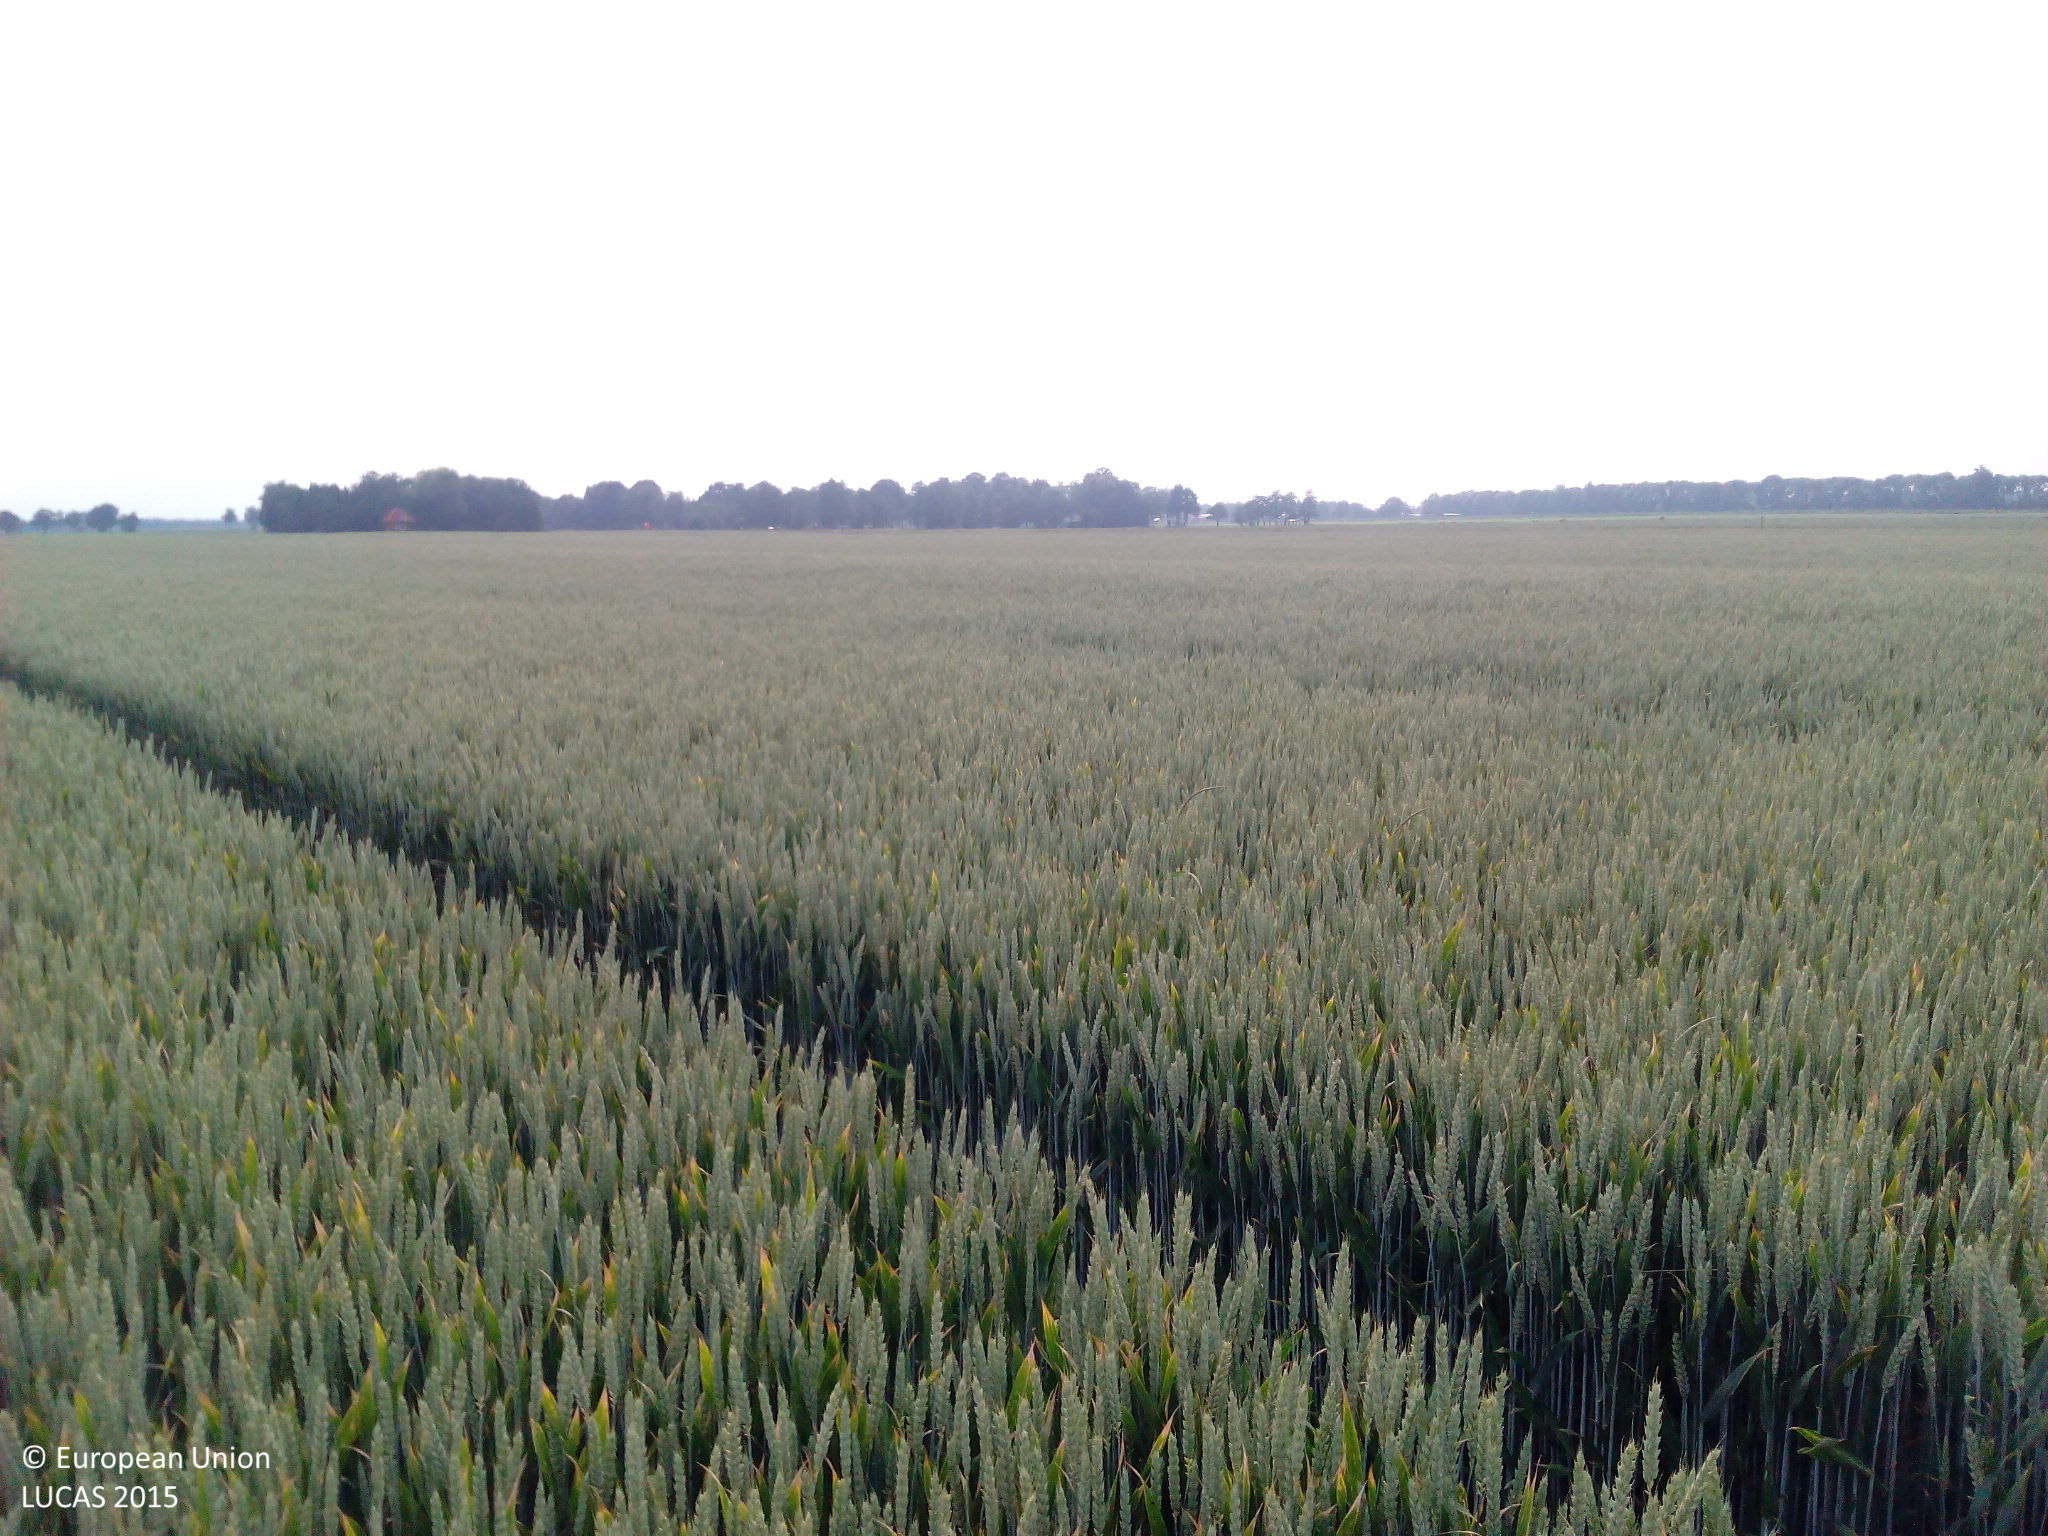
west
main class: Cropland
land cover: Common wheat
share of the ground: > 75 %
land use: Agriculture (excluding fallow land and kitchen gardens)
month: June
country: DE
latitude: 53.7415
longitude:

+ + +

-- TASK GOAL --
From start to finish, output the listing exactly, but omit its pictures.

-- EXPECTED ANSWER --
west
main class: Cropland
land cover: Common wheat
share of the ground: > 75 %
land use: Agriculture (excluding fallow land and kitchen gardens)
month: June
country: DE
latitude: 53.7415
longitude:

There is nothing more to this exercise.